* AVAILABLE DATA

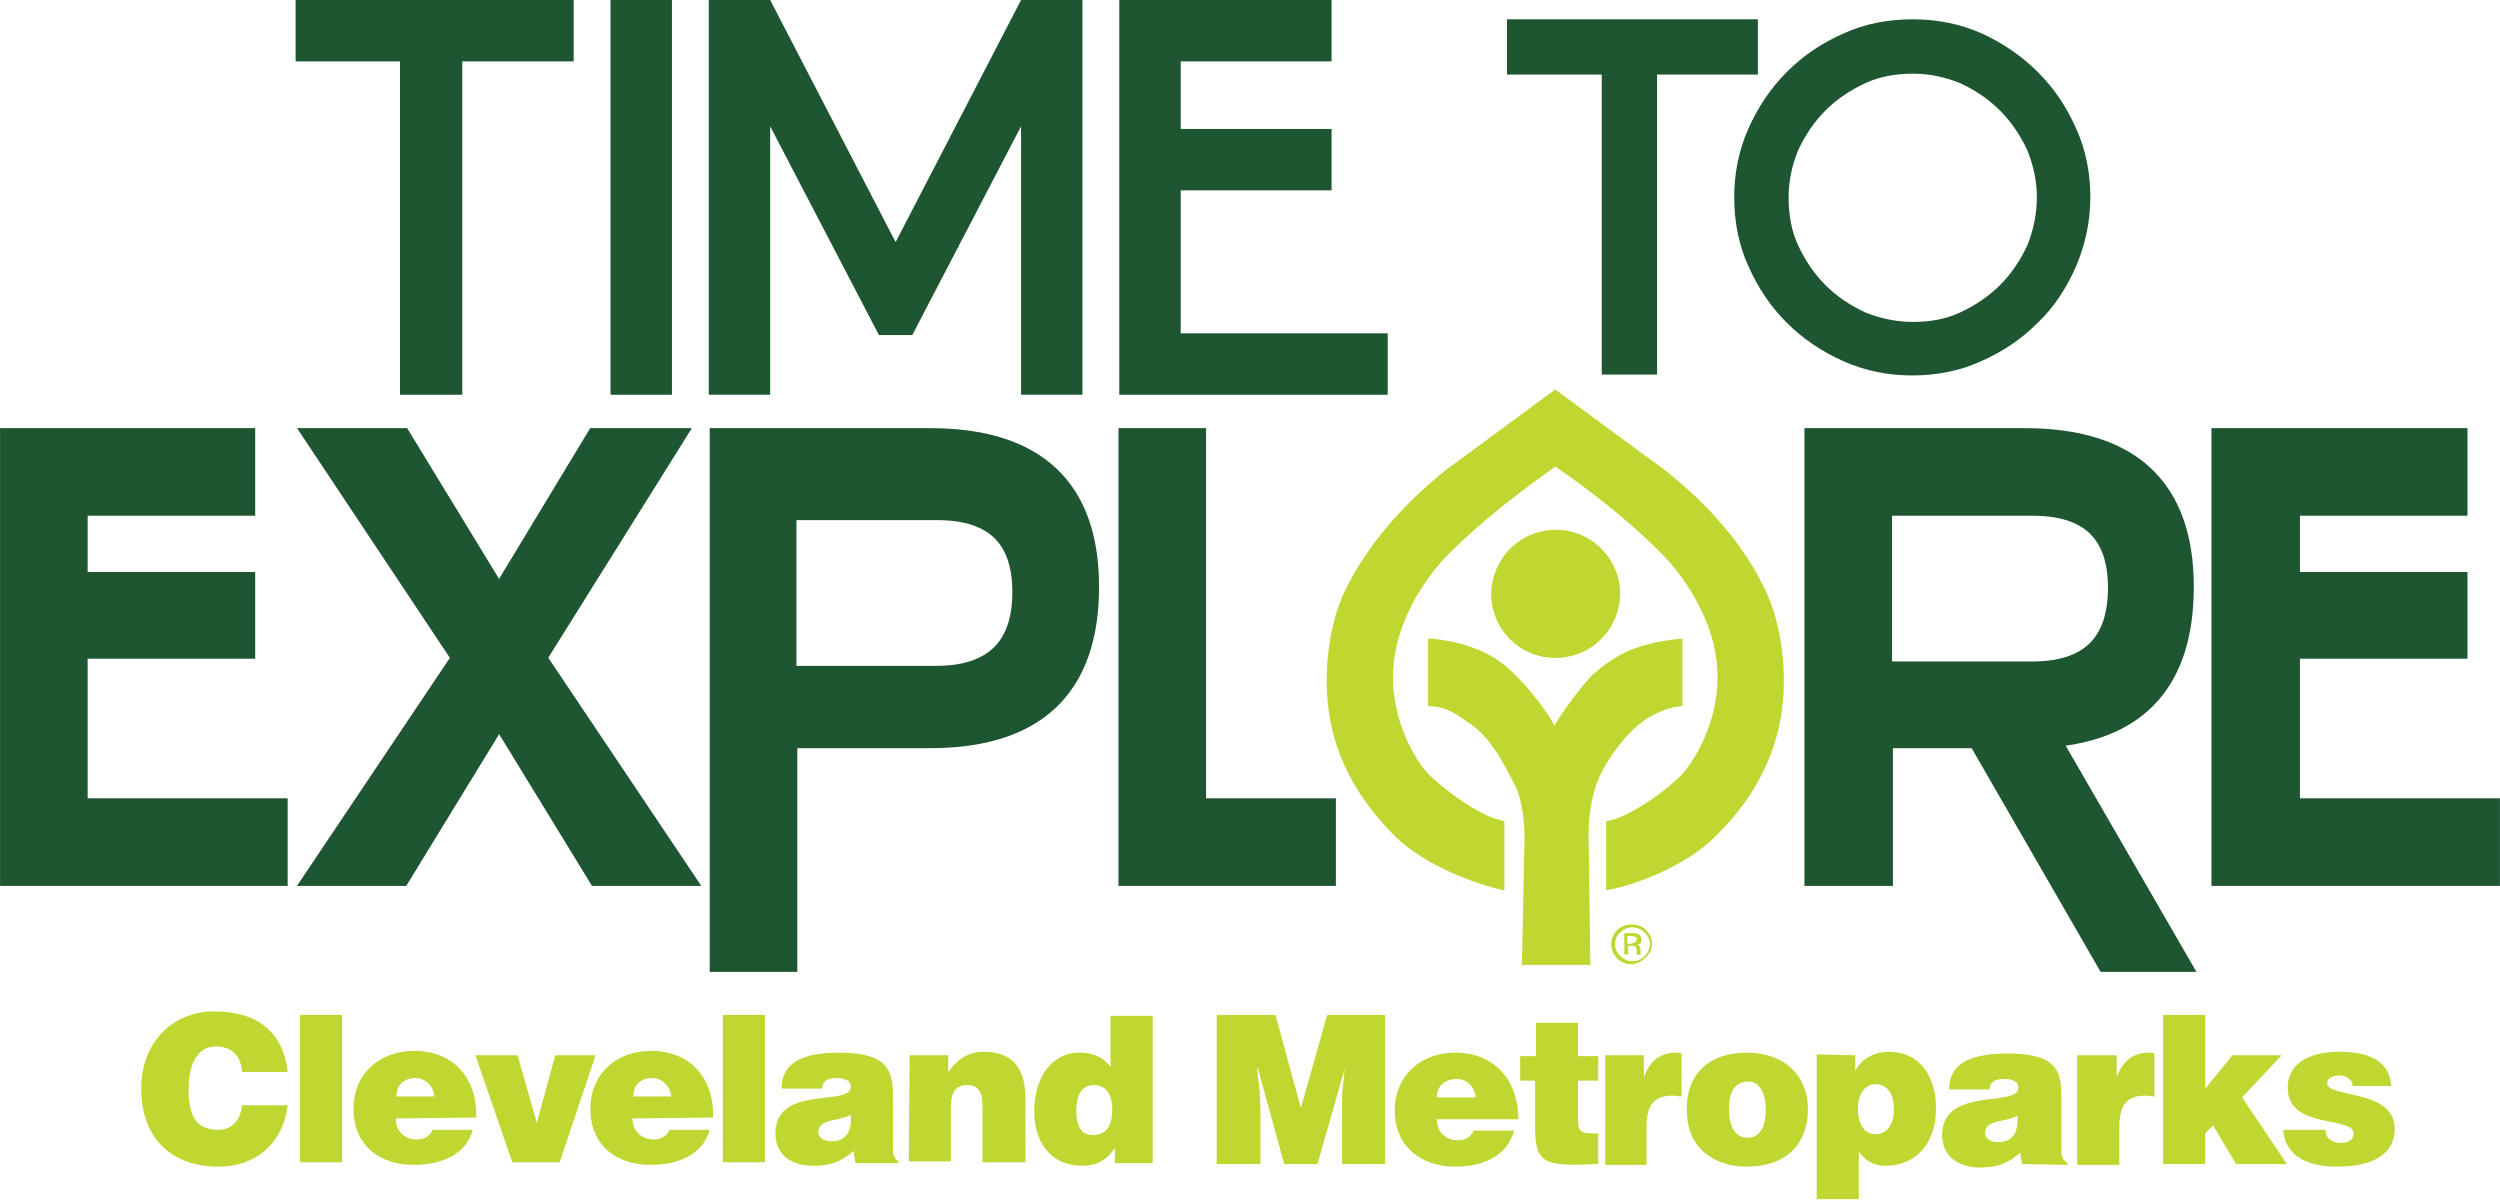 <?xml version="1.0" encoding="utf-8"?>
<!-- Generator: Adobe Illustrator 21.1.0, SVG Export Plug-In . SVG Version: 6.00 Build 0)  -->
<svg version="1.1" id="Layer_1" xmlns="http://www.w3.org/2000/svg" xmlns:xlink="http://www.w3.org/1999/xlink" x="0px" y="0px"
	 viewBox="0 0 285 136.8" style="enable-background:new 0 0 285 136.8;" xml:space="preserve">
<style type="text/css">
	.st0{fill:#1E5632;}
	.st1{fill:none;stroke:#1E5632;stroke-width:2.186;}
	.st2{fill:#BFD730;}
	.st3{fill:none;}
</style>
<polygon class="st0" points="52.7,7 65.4,7 65.4,0 33.7,0 33.7,7 45.6,7 45.6,45 52.7,45 "/>
<rect x="69.6" class="st0" width="7" height="45"/>
<polygon class="st0" points="123.4,0 116.4,0 102.1,27.6 87.8,0 80.8,0 80.8,45 87.8,45 87.8,14.4 100.2,38.2 104,38.2 116.4,14.4 
	116.4,45 123.4,45 "/>
<polygon class="st0" points="158.2,45 158.2,38 134.6,38 134.6,21.7 151.8,21.7 151.8,14.7 134.6,14.7 134.6,7 151.8,7 151.8,0 
	127.6,0 127.6,45 "/>
<polygon class="st0" points="188.9,8.5 200.4,8.5 200.4,2.2 171.8,2.2 171.8,8.5 182.6,8.5 182.6,42.7 188.9,42.7 "/>
<path class="st0" d="M232.2,22.5c0,1.9-0.4,3.8-1.1,5.5c-0.8,1.7-1.8,3.2-3.1,4.5c-1.3,1.3-2.8,2.3-4.5,3.1
	c-1.7,0.8-3.5,1.1-5.4,1.1c-1.9,0-3.8-0.4-5.5-1.1c-1.7-0.8-3.2-1.8-4.5-3.1c-1.3-1.3-2.3-2.8-3.1-4.5c-0.8-1.7-1.1-3.6-1.1-5.5
	c0-1.9,0.4-3.7,1.1-5.4c0.8-1.7,1.8-3.2,3.1-4.5c1.3-1.3,2.8-2.3,4.5-3.1c1.7-0.8,3.6-1.1,5.5-1.1c1.9,0,3.7,0.4,5.4,1.1
	c1.7,0.8,3.2,1.8,4.5,3.1c1.3,1.3,2.3,2.8,3.1,4.5C231.8,18.8,232.2,20.6,232.2,22.5 M238.3,22.5c0-2.7-0.5-5.4-1.6-7.8
	c-1.1-2.5-2.5-4.6-4.4-6.5c-1.8-1.8-4-3.3-6.4-4.4c-2.5-1.1-5.1-1.6-7.9-1.6c-2.7,0-5.4,0.5-7.8,1.6c-2.5,1.1-4.6,2.5-6.5,4.4
	c-1.8,1.8-3.3,4-4.4,6.5c-1.1,2.5-1.6,5.1-1.6,7.8c0,2.7,0.5,5.4,1.6,7.8c1.1,2.5,2.5,4.6,4.4,6.5c1.8,1.8,4,3.3,6.5,4.4
	c2.5,1.1,5.1,1.6,7.8,1.6c2.7,0,5.4-0.5,7.8-1.6c2.5-1.1,4.6-2.5,6.5-4.4c1.9-1.8,3.3-4,4.4-6.5C237.7,27.9,238.3,25.3,238.3,22.5"
	/>
<polygon class="st0" points="56.9,81.6 68.1,99.9 77.9,99.9 61.2,75 76.9,49.9 67.9,49.9 56.9,68.1 45.8,49.9 35.9,49.9 52.6,75 
	35.9,99.9 45.7,99.9 "/>
<polygon class="st1" points="56.9,81.6 68.1,99.9 77.9,99.9 61.2,75 76.9,49.9 67.9,49.9 56.9,68.1 45.8,49.9 35.9,49.9 52.6,75 
	35.9,99.9 45.7,99.9 "/>
<path class="st0" d="M116.5,67.5c0,6.3-3.3,9.5-9.8,9.5H89.7V58.2h17.1C113.3,58.2,116.5,61.3,116.5,67.5 M124.2,66.9
	c0-11.3-6.1-17-18.2-17H82v59.8h7.8V84.2H106C118.1,84.2,124.2,78.4,124.2,66.9"/>
<path class="st1" d="M116.5,67.5c0,6.3-3.3,9.5-9.8,9.5H89.7V58.2h17.1C113.3,58.2,116.5,61.3,116.5,67.5z M124.2,66.9
	c0-11.3-6.1-17-18.2-17H82v59.8h7.8V84.2H106C118.1,84.2,124.2,78.4,124.2,66.9z"/>
<polygon class="st0" points="128.6,99.9 151.2,99.9 151.2,92.1 136.4,92.1 136.4,49.9 128.6,49.9 "/>
<polygon class="st1" points="128.6,99.9 151.2,99.9 151.2,92.1 136.4,92.1 136.4,49.9 128.6,49.9 "/>
<path class="st0" d="M241.4,67c0,6.3-3.2,9.5-9.7,9.5h-17.1V57.7h17.1C238.2,57.7,241.4,60.8,241.4,67 M249,66.9
	c0-11.3-6.1-17-18.2-17h-24v50h7.9V84.2h10.7l14.7,25.5h8.4l-14.8-25.6C243.9,83.3,249,77.5,249,66.9"/>
<path class="st1" d="M241.4,67c0,6.3-3.2,9.5-9.7,9.5h-17.1V57.7h17.1C238.2,57.7,241.4,60.8,241.4,67z M249,66.9
	c0-11.3-6.1-17-18.2-17h-24v50h7.9V84.2h10.7l14.7,25.5h8.4l-14.8-25.6C243.9,83.3,249,77.5,249,66.9z"/>
<polygon class="st0" points="261.1,74 280.2,74 280.2,66.3 261.1,66.3 261.1,57.7 280.2,57.7 280.2,49.9 253.2,49.9 253.2,99.9 
	283.9,99.9 283.9,92.1 261.1,92.1 "/>
<polygon class="st1" points="261.1,74 280.2,74 280.2,66.3 261.1,66.3 261.1,57.7 280.2,57.7 280.2,49.9 253.2,49.9 253.2,99.9 
	283.9,99.9 283.9,92.1 261.1,92.1 "/>
<polygon class="st0" points="8.9,74 28,74 28,66.3 8.9,66.3 8.9,57.7 28,57.7 28,49.9 1.1,49.9 1.1,99.9 31.7,99.9 31.7,92.1 
	8.9,92.1 "/>
<polygon class="st1" points="8.9,74 28,74 28,66.3 8.9,66.3 8.9,57.7 28,57.7 28,49.9 1.1,49.9 1.1,99.9 31.7,99.9 31.7,92.1 
	8.9,92.1 "/>
<path class="st2" d="M177.1,75c4.1,0.1,7.4-3,7.6-7.1c0.1-4-3.1-7.4-7.1-7.5c-4.1-0.1-7.4,3-7.6,7.1C169.9,71.6,173.1,74.9,177.1,75
	"/>
<path class="st2" d="M162.8,72.8c1.3,0,5.6,0.6,8.4,2.8c2.8,2.1,6,6.7,6,7.2c0.1-0.5,3.3-5,4.5-6c2.1-1.8,4.4-3.5,10.1-4l0,7.7
	c-1,0-3.2,0.6-5.1,2.2c-1.9,1.6-4.1,4.7-4.8,7c-0.7,2.2-0.8,4.1-0.8,5.4l0.2,14.9l-7.8,0l0.3-14.8c0-1.4-0.3-4.2-1.1-5.7
	c-0.8-1.4-2.4-5.3-5.4-7.2c-0.9-0.6-2.3-1.8-4.5-1.8L162.8,72.8z"/>
<path class="st2" d="M177.3,53.2c-0.2,0.2-6.7,4.5-12.2,10c-1.7,1.7-6.3,7.2-6.3,14c0,6.1,3.4,10.4,3.9,10.9c1.3,1.4,6,5.1,8.8,5.5
	l0,7.9c-3.4-0.7-9.1-2.9-12.4-6.1c-3.3-3.3-6-7.2-7.2-12.1c-1.4-5.7-0.4-12.2,1.4-15.9c2.4-5,6.4-9.7,11.5-13.8l12.5-9.2l12.5,9.2
	c5.1,4,9.2,8.8,11.5,13.8c1.8,3.7,2.8,10.2,1.4,15.9c-1.2,4.9-3.9,8.9-7.2,12.1c-3.3,3.3-9,5.5-12.4,6.1l0-7.9
	c2.7-0.3,7.5-4,8.8-5.5c0.4-0.4,3.9-4.8,3.9-10.9c0-6.8-4.6-12.3-6.3-14C184.1,57.7,177.6,53.4,177.3,53.2"/>
<path class="st2" d="M185.2,106.4v2.4h0.4v-1h0.3c0.2,0,0.4,0,0.5,0.1c0.2,0.1,0.2,0.3,0.2,0.6v0.2l0,0.1c0,0,0,0,0,0c0,0,0,0,0,0
	h0.4l0,0c0,0,0-0.1,0-0.1c0-0.1,0-0.1,0-0.2v-0.2c0-0.1,0-0.2-0.1-0.4c-0.1-0.1-0.2-0.2-0.4-0.2c0.2,0,0.3-0.1,0.4-0.1
	c0.2-0.1,0.2-0.3,0.2-0.5c0-0.3-0.1-0.5-0.4-0.6c-0.1-0.1-0.4-0.1-0.7-0.1L185.2,106.4L185.2,106.4z M186.6,107.1
	c0,0.2-0.1,0.3-0.3,0.4c-0.1,0-0.2,0.1-0.4,0.1h-0.4v-0.9h0.4c0.2,0,0.4,0,0.5,0.1C186.6,106.8,186.6,106.9,186.6,107.1
	 M188.3,107.6c0-0.6-0.2-1.1-0.7-1.6c-0.4-0.4-1-0.6-1.6-0.6c-0.6,0-1.1,0.2-1.6,0.6c-0.4,0.4-0.7,1-0.7,1.6c0,0.6,0.2,1.1,0.6,1.6
	c0.4,0.4,1,0.7,1.6,0.7c0.6,0,1.1-0.2,1.6-0.7C188.1,108.7,188.3,108.2,188.3,107.6 M186.1,105.7c0.5,0,1,0.2,1.4,0.6
	c0.4,0.4,0.6,0.8,0.6,1.3c0,0.5-0.2,1-0.6,1.4c-0.4,0.4-0.8,0.6-1.4,0.6c-0.5,0-1-0.2-1.4-0.6c-0.4-0.4-0.6-0.8-0.6-1.4
	c0-0.5,0.2-1,0.6-1.3C185.1,105.9,185.5,105.7,186.1,105.7"/>
<rect x="181.8" y="104.1" class="st3" width="6.8" height="6.8"/>
<path class="st2" d="M185.2,106.4v2.4h0.4v-1h0.3c0.2,0,0.4,0,0.5,0.1c0.2,0.1,0.2,0.3,0.2,0.6v0.2l0,0.1c0,0,0,0,0,0c0,0,0,0,0,0
	h0.4l0,0c0,0,0-0.1,0-0.1c0-0.1,0-0.1,0-0.2v-0.2c0-0.1,0-0.2-0.1-0.4c-0.1-0.1-0.2-0.2-0.4-0.2c0.2,0,0.3-0.1,0.4-0.1
	c0.2-0.1,0.2-0.3,0.2-0.5c0-0.3-0.1-0.5-0.4-0.6c-0.1-0.1-0.4-0.1-0.7-0.1L185.2,106.4L185.2,106.4z M186.6,107.1
	c0,0.2-0.1,0.3-0.3,0.4c-0.1,0-0.2,0.1-0.4,0.1h-0.4v-0.9h0.4c0.2,0,0.4,0,0.5,0.1C186.6,106.8,186.6,106.9,186.6,107.1
	 M188.3,107.6c0-0.6-0.2-1.1-0.7-1.6c-0.4-0.4-1-0.6-1.6-0.6c-0.6,0-1.1,0.2-1.6,0.6c-0.4,0.4-0.7,1-0.7,1.6c0,0.6,0.2,1.1,0.6,1.6
	c0.4,0.4,1,0.7,1.6,0.7c0.6,0,1.1-0.2,1.6-0.7C188.1,108.7,188.3,108.2,188.3,107.6 M186.1,105.7c0.5,0,1,0.2,1.4,0.6
	c0.4,0.4,0.6,0.8,0.6,1.3c0,0.5-0.2,1-0.6,1.4c-0.4,0.4-0.8,0.6-1.4,0.6c-0.5,0-1-0.2-1.4-0.6c-0.4-0.4-0.6-0.8-0.6-1.4
	c0-0.5,0.2-1,0.6-1.3C185.1,105.9,185.5,105.7,186.1,105.7"/>
<path class="st2" d="M27.6,122.1c-0.2-1.8-1.2-2.8-3-2.8c-1.9,0-3.1,1.7-3.1,4.9c0,2.4,0.5,4.6,3.3,4.6c1.8,0,2.6-1.2,2.8-2.8h5.2
	c-0.5,4.3-3.6,7-7.9,7c-5.5,0-8.8-3.4-8.8-8.9c0-5.4,3.7-8.8,8.3-8.8c5.1,0,7.9,2.5,8.4,6.9H27.6z"/>
<rect x="34.2" y="115.7" class="st2" width="4.8" height="16.8"/>
<path class="st2" d="M49.5,125c0-1.1-1-2.1-2.1-2.1c-1.4,0-2.2,0.8-2.2,2.1H49.5z M45.1,127.5c0,1.5,1.1,2.4,2.4,2.4
	c0.8,0,1.5-0.3,1.8-1.1h4.6c-0.8,3-3.9,4-6.7,4c-3.9,0-6.9-2.2-6.9-6.4c0-4,3-6.6,6.9-6.6c4.5,0,7.2,3.1,7.1,7.6L45.1,127.5
	L45.1,127.5z"/>
<polygon class="st2" points="54.2,120.3 59,120.3 61.2,128 63.3,120.3 67.9,120.3 63.8,132.5 58.4,132.5 "/>
<path class="st2" d="M76.5,125c0-1.1-1-2.1-2.1-2.1c-1.4,0-2.2,0.8-2.2,2.1H76.5z M72.1,127.5c0,1.5,1.1,2.4,2.4,2.4
	c0.8,0,1.5-0.3,1.8-1.1h4.6c-0.8,3-3.9,4-6.7,4c-3.9,0-6.9-2.2-6.9-6.4c0-4,3-6.6,6.9-6.6c4.5,0,7.2,3.1,7.1,7.6L72.1,127.5
	L72.1,127.5z"/>
<rect x="82.4" y="115.7" class="st2" width="4.8" height="16.8"/>
<path class="st2" d="M97,127.1c-1.6,0.8-3.7,0.4-3.7,2c0,0.6,0.6,1,1.5,1C96.6,130.1,97.1,128.8,97,127.1 M97.5,132.5l-0.2-1.3
	c-1.4,1.3-2.8,1.7-4.6,1.7c-2.3,0-4.3-1.1-4.3-3.7c0-5.6,8.6-3,8.6-5.3c0-0.9-1.1-1-1.6-1c-0.7,0-1.6,0.1-1.7,1.2h-4.6
	c0-2.6,1.8-4.1,6.6-4.1c5.7,0,6.1,2.2,6.1,5.1v5.7c0,0.7,0,1.1,0.6,1.6v0.2H97.5z"/>
<path class="st2" d="M103.7,120.3h4.4v1.9c1.1-1.5,2.3-2.3,4.1-2.3c3.2,0,4.7,1.9,4.7,5.3v7.3H112v-6.5c0-1.2-0.3-2.3-1.7-2.3
	c-1.5,0-1.9,1-1.9,2.5v6.2h-4.8L103.7,120.3L103.7,120.3z"/>
<path class="st2" d="M126.8,126.5c0-1.4-0.5-2.8-2.1-2.8c-1.6,0-2,1.5-2,2.9c0,1.3,0.3,2.8,1.9,2.8
	C126.3,129.4,126.8,128,126.8,126.5 M127.1,132.5v-1.6c-1.1,1.5-2.2,2-3.7,2c-3.7,0-5.5-2.8-5.5-6.2c0-4.1,2.2-6.7,5.1-6.7
	c1.5,0,2.6,0.4,3.6,1.6v-5.8h4.8v16.8H127.1z"/>
<polygon class="st2" points="138.7,132.7 138.7,115.7 145.4,115.7 148.3,126.3 151.3,115.7 157.9,115.7 157.9,132.7 153,132.7 
	153,127.5 153,124.8 153.3,121.8 153.3,121.8 150.2,132.7 146.4,132.7 143.4,121.8 143.3,121.8 143.6,124.3 143.7,126.9 
	143.7,132.7 "/>
<path class="st2" d="M168.2,125.1c0-1.1-1-2.1-2.1-2.1c-1.4,0-2.3,0.8-2.3,2.1H168.2z M163.8,127.6c0,1.5,1.1,2.4,2.4,2.4
	c0.8,0,1.5-0.4,1.8-1.1h4.6c-0.8,3.1-3.9,4.1-6.7,4.1c-3.9,0-6.9-2.3-6.9-6.4c0-4,3-6.6,6.9-6.6c4.5,0,7.2,3.2,7.2,7.6H163.8z"/>
<path class="st2" d="M182.1,132.7c-6.3,0.3-7.1-0.1-7.1-4.4v-5.1h-1.7v-2.8h1.8v-3.8h4.8v3.8h2.3v2.8h-2.3v4.5
	c0,1.1,0.2,1.5,1.5,1.5h0.8V132.7z"/>
<path class="st2" d="M183,120.3h4.4v2.5h0c0.7-1.9,1.9-2.8,3.7-2.8c0.2,0,0.4,0,0.6,0.1v4.9c-0.3,0-0.7-0.1-1-0.1c-2,0-3,0.9-3,3.6
	v4.3H183L183,120.3L183,120.3z"/>
<path class="st2" d="M197.1,126.4c0,2.3,0.9,3.3,2.1,3.3c1.3,0,2.1-1,2.1-3.3c0-1.8-0.8-3.2-2-3.1
	C197.5,123.3,197.1,125,197.1,126.4 M199.1,120c4.3,0,7,2.6,7,6.4c0,4.5-3,6.6-6.9,6.6c-3.9,0-6.9-2.2-6.9-6.4
	C192.2,122.3,195,120,199.1,120"/>
<path class="st2" d="M215.9,126.5c0-1.9-0.8-2.9-2.1-2.9c-1.2,0-2,1.1-2,2.8c0,1.7,0.7,2.9,2,2.9
	C215.1,129.3,215.9,128.2,215.9,126.5 M211.5,120.3v1.8h0c0.7-1.5,2.4-2.2,3.8-2.2c3.7,0,5.4,3,5.4,6.4c0,4.8-3,6.6-5.7,6.6
	c-1.3,0-2.3-0.5-3.1-1.6v5.4h-4.8v-16.5L211.5,120.3L211.5,120.3z"/>
<path class="st2" d="M230,127.2c-1.6,0.8-3.7,0.4-3.7,2c0,0.6,0.6,1,1.5,1C229.6,130.2,230.1,128.9,230,127.2 M230.5,132.7l-0.2-1.3
	c-1.4,1.3-2.8,1.7-4.6,1.7c-2.3,0-4.3-1.2-4.3-3.7c0-5.6,8.7-3.1,8.7-5.4c0-0.9-1.1-1-1.6-1c-0.7,0-1.6,0.1-1.7,1.2h-4.6
	c0-2.6,1.8-4.1,6.7-4.1c5.8,0,6.1,2.2,6.1,5.1v5.8c0,0.7,0,1.1,0.7,1.6v0.2L230.5,132.7L230.5,132.7z"/>
<path class="st2" d="M236.9,120.3h4.4v2.5h0c0.7-1.9,1.9-2.8,3.7-2.8c0.2,0,0.4,0,0.6,0.1v4.9c-0.3,0-0.7-0.1-1-0.1
	c-2,0-3,0.9-3,3.6v4.3h-4.8V120.3z"/>
<polygon class="st2" points="251.4,129.2 251.4,132.7 246.6,132.7 246.6,115.7 251.4,115.7 251.4,124.1 254.5,120.3 260.1,120.3 
	255.6,125.1 260.7,132.7 254.9,132.7 252.3,128.3 "/>
<path class="st2" d="M265.1,128.8c0,0.5,0.2,0.9,0.5,1.1c0.3,0.2,0.7,0.4,1.2,0.4c0.7,0,1.5-0.2,1.5-1.1c0-2-7.5-0.4-7.5-5.2
	c0-3.2,3.2-4.1,5.8-4.1c2.7,0,5.8,0.6,6,3.9h-4.4c0-0.4-0.2-0.7-0.5-0.9c-0.3-0.2-0.6-0.3-1-0.3c-0.8,0-1.4,0.3-1.4,0.9
	c0,1.7,7.7,0.6,7.7,5.2c0,2.6-2.1,4.3-6.6,4.3c-2.8,0-5.9-0.9-6.1-4.2L265.1,128.8L265.1,128.8z"/>
</svg>

* PROBLEM TO WORK ON
When "width" shows up in a line of the material, report that line.

* ANSWER FOR THIS EXERCISE
	.st1{fill:none;stroke:#1E5632;stroke-width:2.186;}
<rect x="69.6" class="st0" width="7" height="45"/>
<rect x="181.8" y="104.1" class="st3" width="6.8" height="6.8"/>
<rect x="34.2" y="115.7" class="st2" width="4.8" height="16.8"/>
<rect x="82.4" y="115.7" class="st2" width="4.8" height="16.8"/>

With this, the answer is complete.